Open-Source AI: Definition, Risk and Governance
- Time
- 2026-08-08 10:20 ~ 10:50
- Speaker
- Cui Jia Wei
- Room
- TR411
- Co-write
Abstract
Since DeepSeek burst into the spotlight during the 2025 Lunar New Year, discussions around open-source artificial intelligence have moved from technical and open-source communities into the public eye. However, the relationship between open-source communities and the development of AI runs far deeper than the recent attention triggered by DeepSeek. Many of the training frameworks that underpin today’s AI technologies have been released as open source, and the origins of both the open-source and free software movements are closely tied to the MIT AI Lab. More recently, open-source AI has also become a focal point for national attention due to the rise of “sovereign AI” debates. Against this backdrop, this session will focus on the definition of open-source AI, its associated risks, and a comparative analysis of national policies. First, what exactly counts as “open-source AI”? Is releasing model code alone sufficient to qualify as open source? Should model weights, or even the training datasets, also be made publicly available? And are the so-called “open-source” AI systems promoted by major tech companies truly open? Second, given the ease with which open-source AI can be disseminated, does it introduce new risks compared to closed-source systems? Or, alternatively, can the transparency enabled by open source serve as a tool for risk management and mitigation? Third, how are different countries approaching open-source AI? The European Union, through the EU Artificial Intelligence Act, explicitly provides that AI components released in a free and open-source manner may be exempt from certain regulatory requirements. However, are there exceptions or limitations to this exemption? What is the stance of the United States government, particularly as technological competition between the U.S. and China intensifies, and China takes a leading role in releasing multiple open-source AI models? How is Singapore positioning its policies toward open-source AI? Finally, what lessons can Taiwan draw from these global discussions?
Speaker
Cui Jia Wei
崔家瑋目前就讀於台灣大學法律研究所,研究領域為開源人工智慧治理。他於 2022 年通過律師與司法官考試,在台灣最大的虛擬資產交易所擔任法律專員。在學術與工作之外,他亦參與台灣的非政府組織與公民科技社群。他所參與的公民科技專案 vTaiwan 探討數位工具應用於審議民主的可能性。vTaiwan 在 2023 年與 OpenAI 合作,探討利用審議民主改善人工智慧治理的提案;自 2024 年開始,vTaiwan 與台灣網路資訊中心合作,以數位工具協助網路與人工智慧治理的多方利害關係人討論。他於 2025 年亦獲選成為 TWNIC Academy Fellow。 Cui Jia-Wei is currently a graduate student at the Graduate Institute of Law at National Taiwan University, where his research focuses on the governance of open-source artificial intelligence. He passed both the bar examination and the judicial officer examination in 2022, and currently works as a legal specialist at Taiwan’s largest virtual asset exchange.

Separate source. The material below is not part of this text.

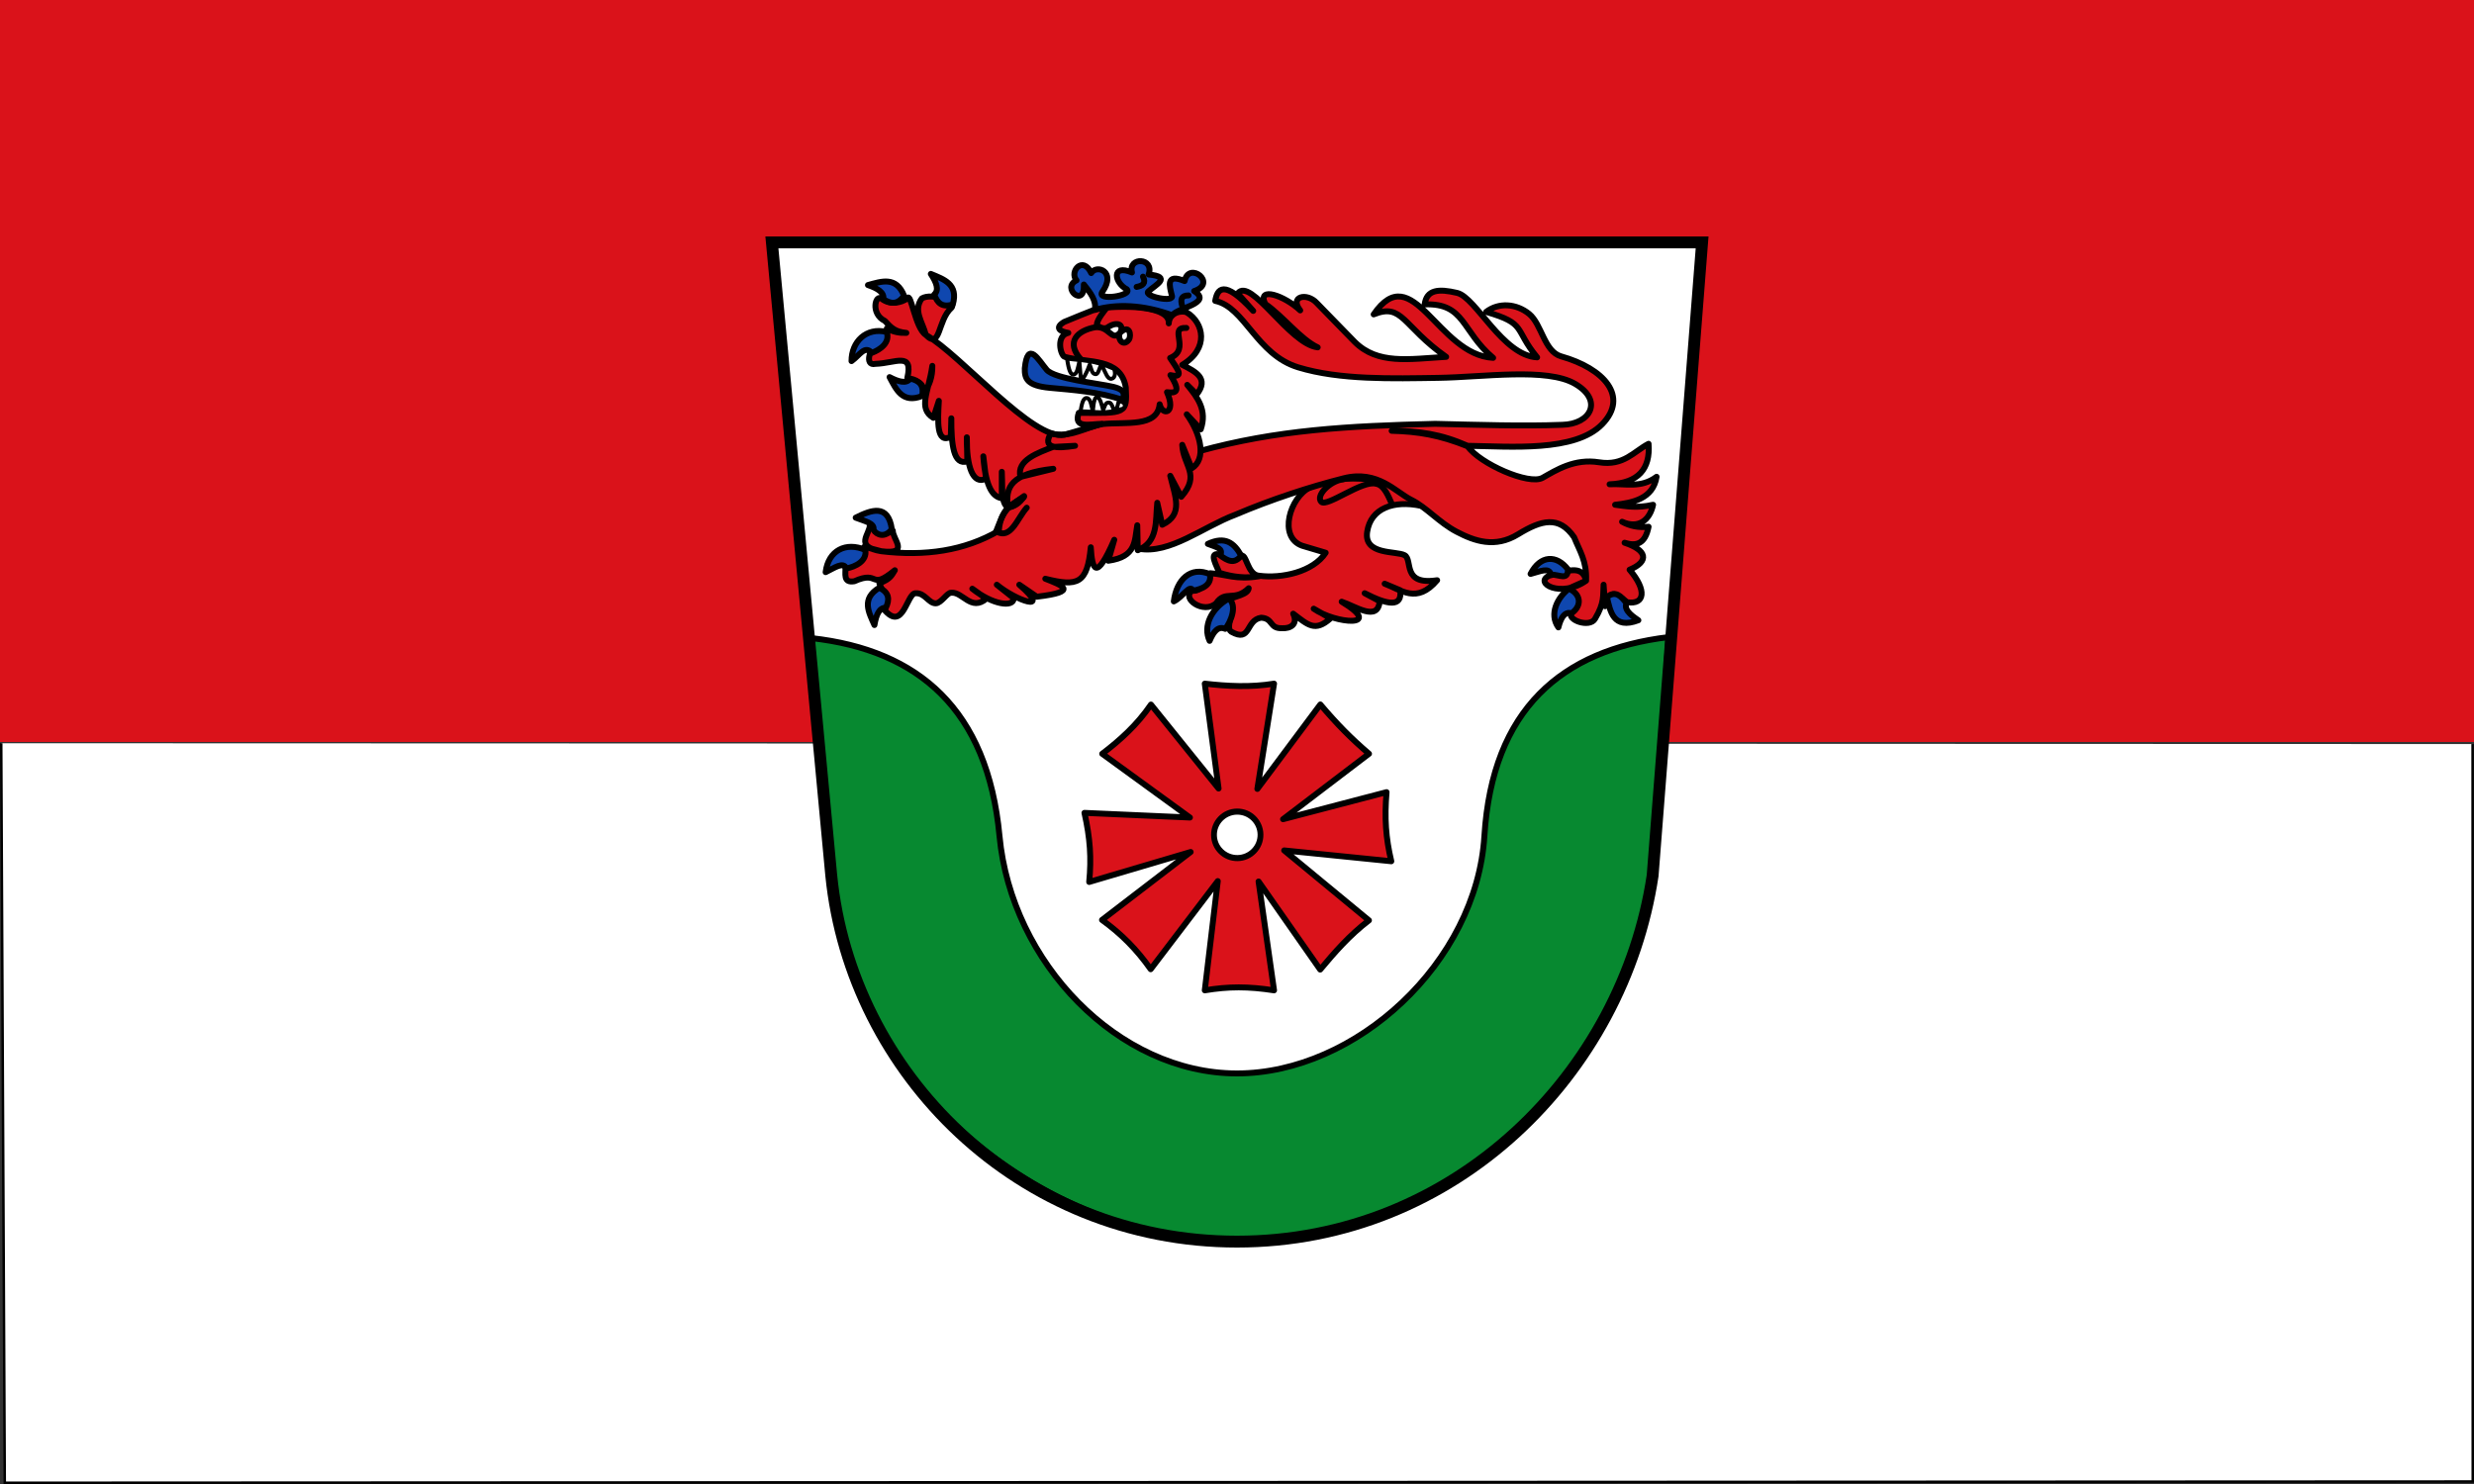 <svg xmlns="http://www.w3.org/2000/svg" height="300" width="500"><rect width="100%" height="100%" fill="#333333" stroke="none"/><path fill="#da121a" d="M0-.002h500v150H0z"/><path fill="none" d="M0 149.998h500v150H0z"/><path style="color:#000;enable-background:accumulate" d="m.251 902.61.715 149.5 498.78-.254-.031-149.08" stroke="#000" stroke-width=".502" fill="#FFF" transform="translate(0 -752.362)"/><path fill="#FFF" d="M156 49h188l-10 128c-6 40-40 74-84 74s-78-34-82-74z"/><path stroke-linejoin="round" d="M164 129c21.6 2.4 35.6 14.4 38 40s24 48 48 48 48.4-22.4 50-48 15.6-37.6 37.212-40.205L334 177c-8 46-44 74-84 74s-80-34-82-74z" stroke="#000" stroke-linecap="round" stroke-width="1.2" fill="#078930"/><path stroke-linejoin="round" d="M264.792 98.507c-4.117 1.994-6.532 10.079-1.616 11.819l4.747 1.414c-2.523 3.876-8.895 5.253-13.435 4.647-2.526-.146-2.524-4.94-3.838-3.94-1.42 1.402-2.254.694-3.94-.303-2.773-.812-.682 2.385-.303 3.637 2.694.87 5.388 1.183 8.081.707-4.767.776-6.619-.391-9.9-.606-.968 1.571-1.65 3.743-3.636 3.535-2.32 1.491 2.277 4.846 4.849 2.526 1.827-2.74 3.67-.22 6.566-3.03-.13 1.334-2.894 1.617-4.344 2.424 2.139 1.546-.615 5.449.808 6.364 4.069 2.292 2.86-2.368 6.061-2.829 2.492.155 1.59 2.228 4.243 2.122 1.618.103 3.276-.765 2.222-2.93 3.004 2.269 4.37 3.728 7.475 1.01-.872-.67-1.739-1.085-3.333-2.02 4.401 3.09 14.452 3.904 5.657-1.414 2.81.921 7.329 4.131 7.677-.101l-3.03-1.617c4.611 2.37 7.66 2.93 7.171-.606l-3.131-1.313c3.35 1.245 6.493 4.155 10.607-.707-7.183 1.092-4.878-4.126-6.566-5.05-1.689-.925-8.305.03-7.576-4.748.729-4.778 5.353-6.386 10.809-5.253-6.736-7.614-18.208-5.732-22.325-3.738z" stroke="#000" stroke-linecap="round" stroke-width="1.2" fill="#da121a"/><path stroke-linejoin="round" d="m230.144 110.931 12.122-19.698c15.794-4.365 30.076-5.111 47.78-5.556 8.764.208 17.667.51 25.658.202 5.85-.121 8.336-4.955 2.626-8.283-5.709-3.328-18.467-1.35-27.678-1.212-9.21.137-19.82.463-28.284-2.122S251.594 62.087 245.6 60.827c.407-2.358 1.633-4.555 7.677 2.02l-3.132-3.535c2.628-3.437 10.424 10.236 16.163 10.91-3.478-1.621-6.965-6.268-10.607-8.789-1.708-3.66 3.984-1.628 7.072 1.313-2.238-2.83 1.345-3.663 3.333-1.515l7.677 7.88c4.652 4.635 10.897 3.476 18.486 3.03-8.878-6.275-8.767-10.947-14.647-8.587 7.926-11.557 12.917 8.2 24.142 8.789-6.4-5.395-5.666-11.117-13.839-10.809.388-2.976 2.777-3.214 6.566-2.323 3.789.89 9.184 12.666 16.163 13.03-4.774-5.818-2.015-6.778-10.304-9.192 2.547-1.963 6.117-1.686 8.687.404 2.57 2.09 3.03 7.601 6.465 8.587 8.631 2.432 13.78 8.105 8.283 13.738s-18.397 4.476-27.173 4.343c-5.488-2.425-9.866-3-15.354-3.03 5.383.137 9.704.86 15.354 3.131 2.436 3.494 12.393 7.925 15.152 6.364 2.76-1.561 6.426-3.93 11.415-3.131s7.025-2.2 10-3.738c.388 5.086-2.071 7.945-7.879 8.183 3.166-.2 6.33.876 9.496-1.516-.691 4.49-4.953 5.274-8.384 5.657 2.267.292 4.376.742 7.677 0-.671 3.148-2.973 4.917-6.263 3.435 1.53.845 3.285 1.241 5.354 1.01-.688 3.553-2.553 3.967-4.849 3.232 4.471 1.456 5.117 3.735 1.01 5.455 3.54 4.141 3.094 7.139-.505 6.566-2.503-2.072-3.545-2.467-4.444.808l-.304-4.343c-.147 2.215.21 3.637-1.717 6.869-1.09 1.973-5.93.185-4.747-1.313 2.619-3.095 0-3.317-.91-4.647l3.84-1.718c-5.122 3.572-10.626.445-7.476-1.01 3.52-.852 6.543-2.386 7.475.91.149-3.867-1.32-5.938-2.424-8.688-3.045-4.443-6.634-3.48-11.314-.606s-8.838 1.376-12.425-.505c-3.586-1.88-6.04-4.904-9.192-6.465-3.152-1.56-6.764-6.083-13.637-4.343-6.873 1.74-14.614 4.266-21.92 7.374-6.51 2.442-13.227 8.021-19.497 6.869z" stroke="#000" stroke-linecap="round" stroke-width="1.2" fill="#da121a"/><path stroke-linejoin="round" d="M175.8 106.083c1.549.97 3.097 2.304 4.646 1.212-.057 1.68 3.542 4.883-2.323 4.142 8.813 1.063 16.81-.089 23.738-4.142.186-2.356.879-4.678 5.051-6.768-5.099 5.137-4.207-1.077-4.445-5.151v5.354c-1.51-.27-3.25-1.616-3.737-8.486l.545 4.525c-2.659 1.31-3.942-2.416-3.879-8.363l.101 4.849c-2.788.924-3.26-3.395-3.232-8.687l-.101 3.737c-2.919 1.446-2.658-2.939-2.424-7.273l-1.112 3.435c-3.177-1.954-.97-5.106-.202-10.506.028 2.142-.549 4.042-1.868 5.645.451-2.802-1.953-2.34-3.182-3.22 1.228-5.365-2.363-2.948-6.465-2.829-2.358.539-1.018-3.67.505-3.839 1.025-.608 2.102-1.153 1.818-3.333 1.313.75 2.627.964 3.94.909-2.27-.21-3.051-1.018-4.344-2.424-2.967-1.43-1.912-5.586-.606-4.445 1.652 1.27 3.948.793 5.152-.101.732-1.452 1.542 5.988 3.737 7.374-.585-2.458-2.649-4.916-.808-7.374 2.006-1.19 7.172.65 5.96 1.92-2.824 2.542-2.144 8.538-5.151 5.454 7.132 4.08 21.598 21.39 27.98 20.203l7.577-2.222c-2.41.058-5.799 1.026-4.647-2.222 9.428.082 9.813.264 9.496-5.152-.986-6.035-7.635-4.883-12.324-6.162-.845-.233-1.879-4.288.707-4.849-1.695-.265-2.833-1.053-.808-2.222 2.524-1.08 4.373-1.77 6.768-2.728 6.562-.777 14.592-.268 14.344 3.03.118-2.268 2.668-2.67 3.636-2.221 3.447 2.105 4.599 7.296-.909 10.606 2.723 1.376 5.464 2.745 2.93 5.96l-1.92-1.919c2.086 2.544 4.07 5.128 2.728 8.99l-2.829-3.03c2.988 4.174 3.948 9.092 1.01 10.91l-1.919-4.748c.164 4.222 3.79 6.01-.202 10.506l-2.222-4.243c.98 4.194 2.742 7.806-1.617 9.9l-1.01-4.445c-.383 3.71.25 7.916-3.94 9.596l-.1-5.05c-.566 3.17-.151 6.392-5.86 7.171l1.213-4.243c-3.726 8.585-4.48 5.968-4.748 1.516-.703 7.35-2.616 8.018-9.192 6.364 3.277 1.296 7.05 2.602-1.717 3.636l-3.536-2.424c6.746 5.833-.723 3.187-4.545 0l3.434 2.727c-.032 1.973-4.385 1.28-8.384-1.92l2.828 2.021c-3.089 2.606-4.765-1.418-7.071-1.212-.837-.085-2.018 2.122-3.14 2.142-1.449.026-2.161-2.112-4.032-2.04-1.852-.174-2.492 8.049-6.465 3.232.84-1.292-.134-3.424-.909-5.253 2.38-.876 2.542-1.751 3.131-2.627-5.186 4.233-2.972-.107-8.182 2.223-2.386.408-1.694-1.579-1.818-2.93 3.314-.237 3.37-2.25 3.838-4.04l3.435.909c-5.63-.94-2.271-3.444-2.324-5.354z" stroke="#000" stroke-linecap="round" stroke-width="1.2" fill="#da121a"/><path stroke-linejoin="round" d="M212.164 78.403c-4.606-.43-5.1-1.869-5.05-3.94.584-5.87 2.849-1.537 4.444.304 1.595 1.84 10.424 2.724 13.435 3.434 3.011.71 1.882 2.04 1.97 2.677-4.746-1.694-10.193-2.045-14.799-2.475zM188.123 55.375c2.668 1.103 5.603 2.077 4.445 6.162-2.164.704-3.183-.31-3.738-2.02 1.014-.912.422-2.426-.707-4.142zM221.272 62.651c.363-1.834-.908-3.487-2.222-5.134.241 4.823-4.642.71-1.486-.843-1.52-1.762 1.287-5.058 2.971-1.473 1.108-1.803 5.128-.327 2.272 3.767-1.46 1.988 6.294.79 4.906-.5-2.462-1.256-3.213-5.167 1.059-3.386-.84-3.21 4.605-3.03 3.36.414 4.801.454 1.409 2.078-.058 3.427-1.02.961 5.418 2.368 4.754.804-.428-1.795-1.346-4.54 2.58-2.91.896-4.126 6.688.455 1.934 2.02 3.842 2.462-3.498 3.406-4.422 4.896-5.866-2.156-11.28-2.341-15.648-1.082z" stroke="#000" stroke-linecap="round" stroke-width="1.2" fill="#0f47af"/><path d="M228.513 68.657c-.315.545-1.521.436-2.693-.242s-1.866-1.67-1.55-2.216 1.52-.436 2.693.242 1.866 1.67 1.55 2.216z" fill="#FFF"/><path stroke-linejoin="round" d="M175.417 57.627c2.784-.766 5.7-1.796 7.29 2.14-1.277 1.883-2.704 1.708-4.191.697.24-1.342-1.155-2.175-3.1-2.837zM172.092 73c-.01-3.922 2.972-6.892 7.098-5.892.787 2.136-1.298 3.597-2.986 4.217-1.456-1.584-2.44.48-4.111 1.674zM179.783 76.235c1.356 2.548 2.612 5.375 6.565 3.825.49-2.223-.618-3.138-2.375-3.524-.809 1.098-2.373.656-4.19-.3zM172.937 104.655c3.114-1.566 6.573-2.886 7.302 2.322-1.35 1.832-3.072 1.197-3.71.13.293-1.333-1.676-1.714-3.592-2.452zM166.864 115.663c.541-4.415 4.123-6.183 8.016-4.487.407 2.239-2.048 3.416-3.817 3.736-.667-1.43-2.348-.138-4.2.751zM176.724 126.355c-1.192-2.63-2.666-5.348.973-7.535 2.06.967 2.11 2.403 1.345 4.03-1.363-.028-1.968 1.481-2.318 3.505zM237.228 121.575c.541-4.415 3.416-7.193 7.308-5.497.408 2.239-1.643 3.012-3.412 3.332-.667-1.43-2.045 1.277-3.896 2.165zM244.108 109.947c3.489-1.617 5.31-.215 6.737 2.37-1.354 1.829-2.78 1.047-4.225-.024.586-1.465-.597-1.604-2.512-2.346zM244.464 129.555c-1.394-2.968.334-6.559 3.873-8.559 1.783 1.414.411 4.726-.708 6.134-1.444-.635-2.36.536-3.165 2.425zM309.332 116.02c1.984-3.859 5.291-3.888 7.557-.91-.028 2.275-1.642 1.061-3.44 1.038-.382-1.53-2.13-.648-4.117-.129zM314.956 126.831c-1.927-2.697-.212-6.023 2.125-7.827 2.367 1.06 2.753 3.397.518 4.987-1.872-.649-2.52 2.43-2.643 2.84zM331.116 125.391c-5.108 1.934-5.678-1.824-6.359-4.697 1.795-1.399 2.859-.161 3.962 1.258-.712 1.51 1.728 2.944 2.397 3.44z" stroke="#000" stroke-linecap="round" stroke-width="1.2" fill="#0f47af"/><path stroke-linejoin="round" d="M215.644 72.5c.252 1.452.491 3.211 1.286 3.213.794.003.957-1.622 1.214-2.642l.286 3.357c.11 1.288 1.499-1.733 1.785-2.715.376.747.396 1.908 1.215 1.929.819.021.819-2.586 1.428-1.429.61 1.157.968 2.513 1.786 2.358.818-.156.795-1.321.5-2-4.043-1.836-6.362-1.636-9.5-2.072z" stroke="#000" stroke-linecap="round" stroke-width=".8" fill="#FFF"/><path stroke-linejoin="round" d="M238.912 61.791c-.332-1.182-.23-2.083 1.292-2.067m-10.489-1.725c1.207-.224 1.97-.713 1.286-2.072m-7.537 6.559s-1.908 2.252-1.783 3.235c0 0 1.24 1.111 2.249.415 1.752-1.21 3.556-.623 2.3 1.397-.32 1.208.857 2.607 1.943 1.09.52-.862.124-3.32-1.949-1.212-1.623 1.557-2.057-1.547-4.918-1.25-3.573.676-5.956 2.935-2.912 6.426m21.374-6.293c-3.817-.198.989 4.297-3.282 6.073 1.095 1.783 3.292 4.208.057 3.465 2.275 3.537.97 3.663-.692 3.451 1.934 4.351-.939 4.865-1.481 2.445-.46 4.724-6.858 3.512-11.559 3.996-3.474.652-6.432 2.853-10.438 1.912-1.752 2.973.984 3.102 4.9 2.486l-4.462.232c-2.859 1.135-7.464 2.645-6.57 6.047l6.632-1.633c-8.398.929-9.852 3.62-9.14 7.896 1.146-.339 2.285-.736 3.244-2.382l-3.183 2.286c-.954.83-1.7 2.905-2.47 4.836 2.952 1.827 4.264-2.637 6.184-4.765m63.952-5.75c-2.788.37-5.564 3.34-4.444 4.546 1.12 1.206 8.316-4.462 11.111-3.636 1.605.243 2.513 2.606 3.233 4.243" stroke="#000" stroke-linecap="round" stroke-width="1.2" fill="none"/><path stroke-linejoin="round" d="M218.372 83.171c.252-1.422.491-2.794 1.286-2.7.794.096.957 1.74 1.214 2.792 0 0 .112-2.935.786-2.965.673-.03.999 1.56 1.285 2.576.376-.7.396-1.573 1.215-1.494.819.08.819 2.4 1.428 1.318s.182-1.75 1-1.495.867.704.572 1.347c-4.043 1.34-5.648.57-8.786.621z" stroke="#000" stroke-linecap="round" stroke-width=".8" fill="#FFF"/><path stroke-linejoin="round" d="M276.664 186.06c-3.98 3.036-6.942 6.481-9.851 9.947l-12.453-17.804 3.128 22c-5.2-.8-9.2-.8-14 0l2.626-22.082-13.558 17.812c-2.803-3.978-5.894-7.11-9.835-9.963l17.912-13.736-20.505 6.06c.47-4.843.196-8.834-.958-13.967l21.315.944-17.725-12.891c3.644-2.776 7.076-5.87 9.851-9.948l13.667 16.97-2.79-21.2c4.58.522 9.203.778 14 0l-3.374 21.282 12.73-17.07c3.369 3.98 6.178 6.828 9.835 9.962l-17.37 13.233 20.918-5.47c-.442 5.242-.169 9.233.958 13.967l-21.649-2.189z" stroke="#000" stroke-linecap="round" stroke-width="1.2" fill="#da121a"/><path stroke-linejoin="round" d="M273.75 831.14c0 6.137-4.749 11.112-10.607 11.112s-10.607-4.975-10.607-11.112c0-6.137 4.749-11.112 10.607-11.112s10.607 4.975 10.607 11.112z" transform="matrix(.005 .443 -.423 .005 600.305 48.04)" stroke="#000" stroke-linecap="round" stroke-width="2.771" fill="#FFF"/><path d="M156 49h188l-10 128c-6 40-40 74-84 74s-78-34-82-74z" stroke="#000" stroke-width="2.4" fill="none"/></svg>

In addition to his academic and professional work, he is actively involved in non-governmental organizations and civic tech communities in Taiwan. He participates in the civic tech project vTaiwan, which explores the use of digital tools in deliberative democracy. In 2023, vTaiwan collaborated with OpenAI to develop proposals on improving AI governance through deliberative democracy. Since 2024, vTaiwan has partnered with the Taiwan Network Information Center to facilitate multi-stakeholder discussions on internet and AI governance using digital tools. In 2025, he was selected as a TWNIC Academy Fellow.